• **The data**
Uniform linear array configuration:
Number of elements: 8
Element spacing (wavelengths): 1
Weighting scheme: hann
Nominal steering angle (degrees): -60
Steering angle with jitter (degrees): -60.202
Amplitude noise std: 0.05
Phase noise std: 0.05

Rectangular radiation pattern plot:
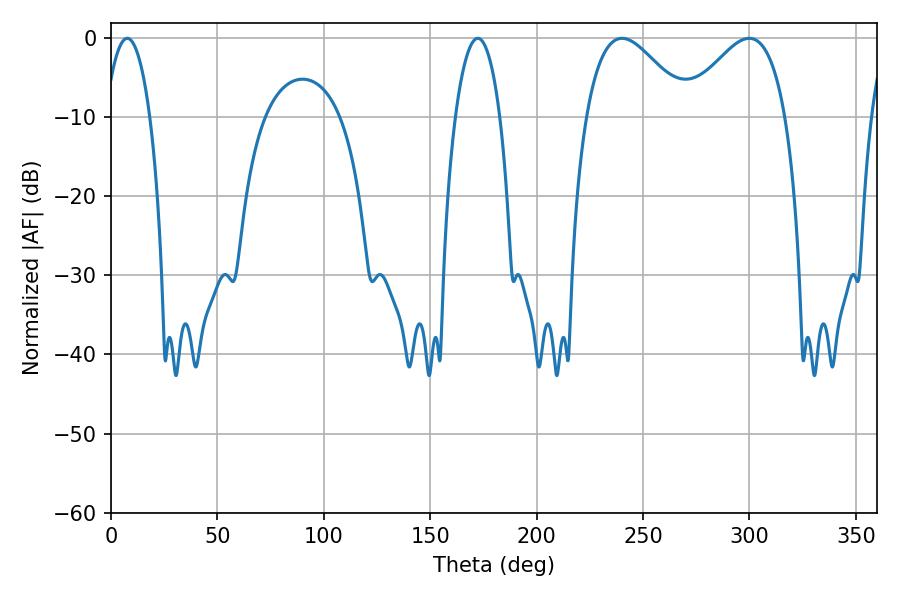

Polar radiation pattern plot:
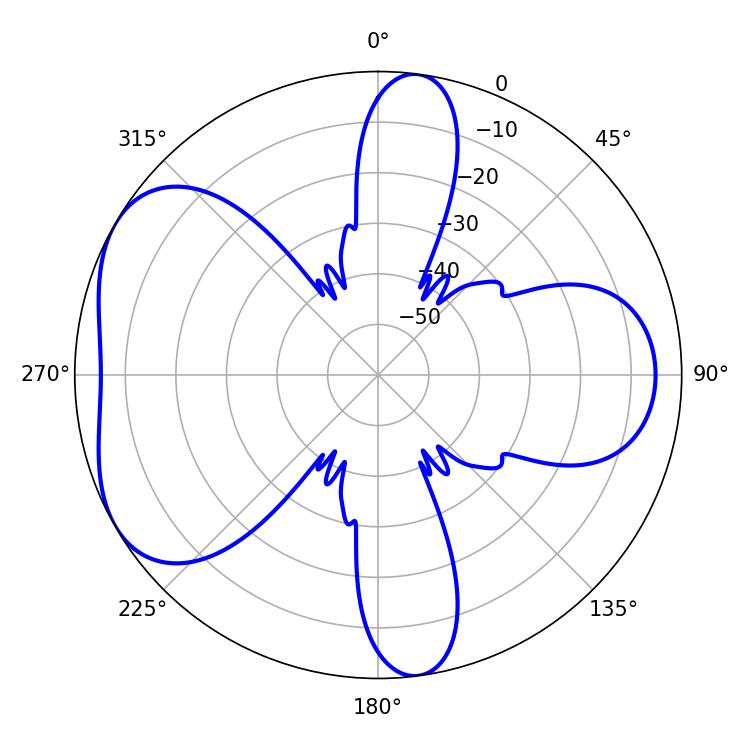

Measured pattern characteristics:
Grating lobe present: TRUE
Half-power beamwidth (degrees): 25.92
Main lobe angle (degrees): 240.12
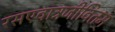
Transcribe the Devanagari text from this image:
रसएवात्रजीवितम्
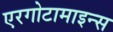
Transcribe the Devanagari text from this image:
एरगोटामाइन्स
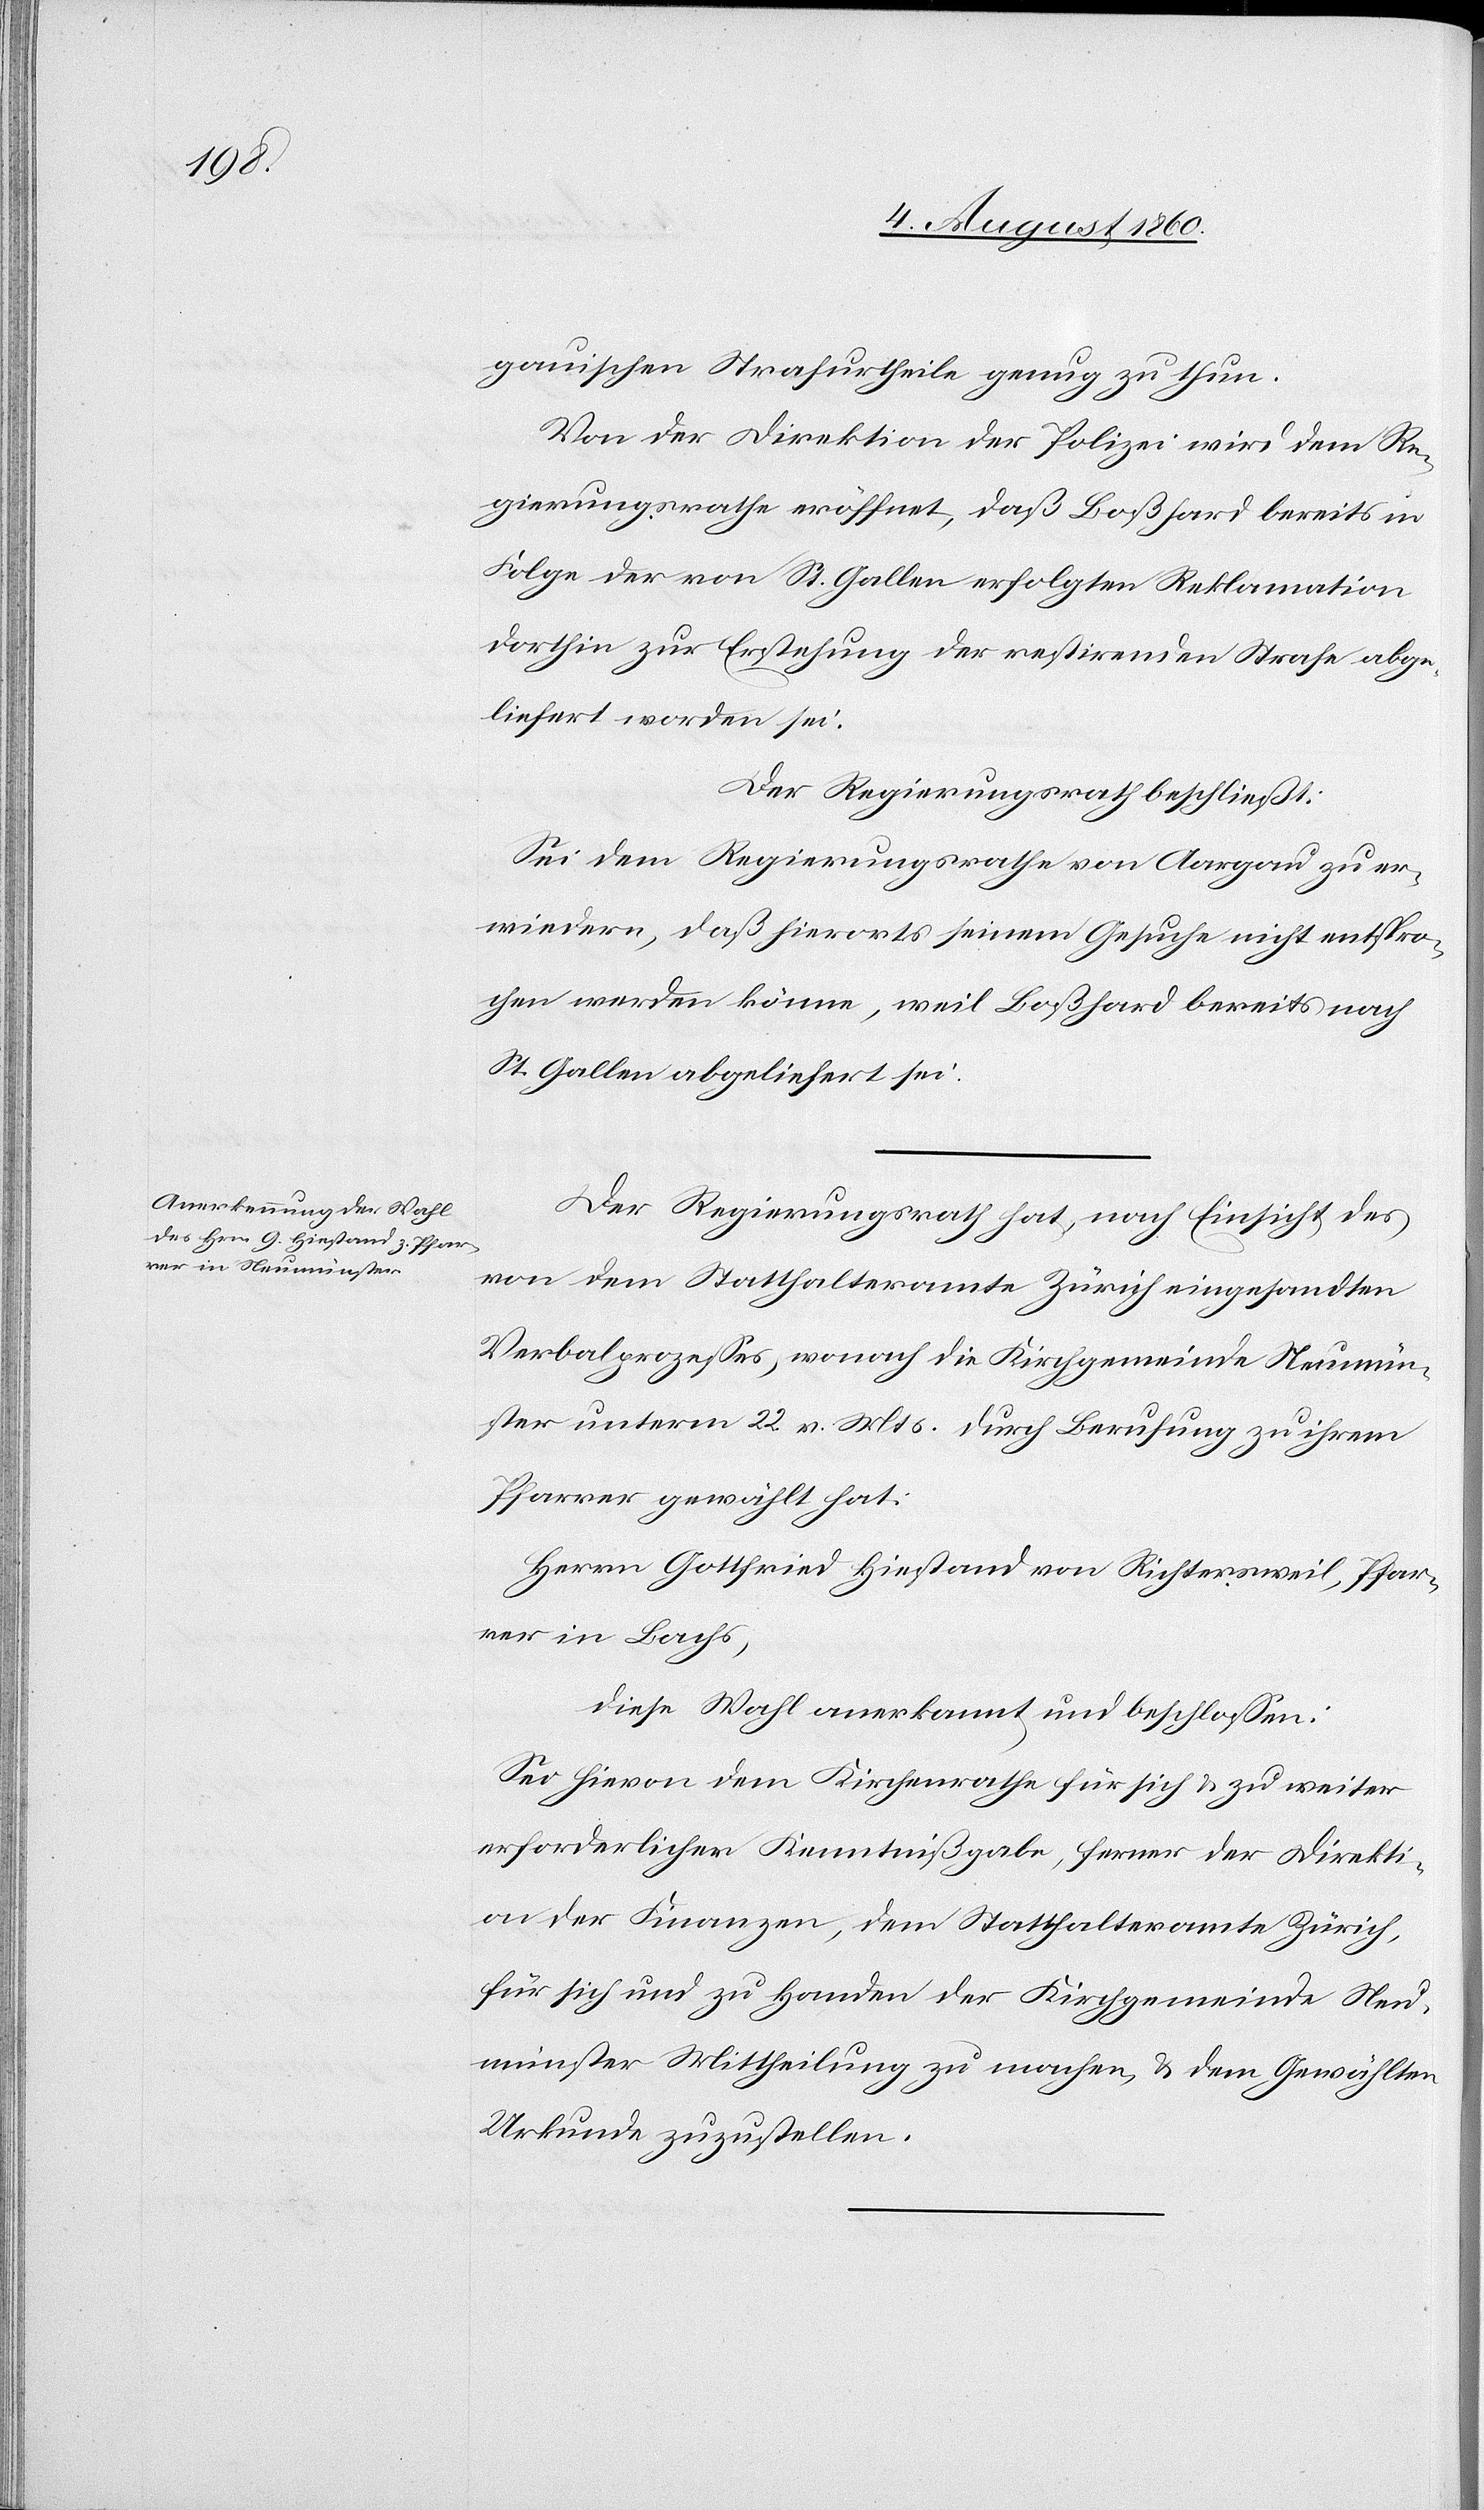
aar¬

gauischen Strafurtheile genug zu thun.
Von der Direktion der Polizei wird dem Re¬
gierungsrathe eröffnet, dass Bosshard bereits in
Folge der von St. Gallen erfolgten Reklamation
dorthin zur Erstehung der restirenden Strafe abge¬
liefert worden sei.
Der Regierungsrath beschließt:
Sei dem Regierungsrathe von Aargau zu er¬
wiedern, dass hierorts seinem Gesuche nicht entspro¬
chen werden könne, weil Bosshard bereits nach
St. Gallen abgeliefert sei.
Der Regierungsrath hat, nach Einsicht des
von dem Statthalteramte Zürich eingesandten
Verbalprozesses, wonach die Kirchgemeinde Neumün¬
ster unterm 22. v. Mt. durch Berufung zu ihrem
Pfarrer gewählt hat:
Herrn Gottfried Hiestand von Richtersweil, Pfar¬
rer in Bachs,
diese Wahl anerkannt u. beschlossen:
Sei hievon dem Kirchenrathe für sich und zu weiter
erforderlicher Kenntnissgabe, ferner der Direkti¬
on der Finanzen, dem Statthalteramte Zürich
für sich und zu Handen der Kirchgemeinde Neu¬
münster Mittheilung zu machen u. dem Gewählten
Urkunde zuzustellen.
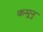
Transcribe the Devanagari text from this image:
कमूनु
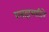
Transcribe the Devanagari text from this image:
प्रसह्यसाहिने
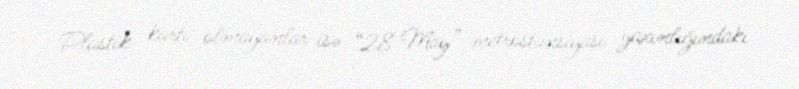
Plastik kartı olmayanlar isə “28 May” metrostansiyası yaxınlığındakı
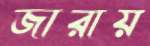
জারায়
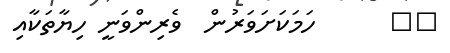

• **Problem statement**
Only lines with the word "plot" are needed. Copy them from the preceding records.

• **Finished task**
Rectangular radiation pattern plot:
Polar radiation pattern plot:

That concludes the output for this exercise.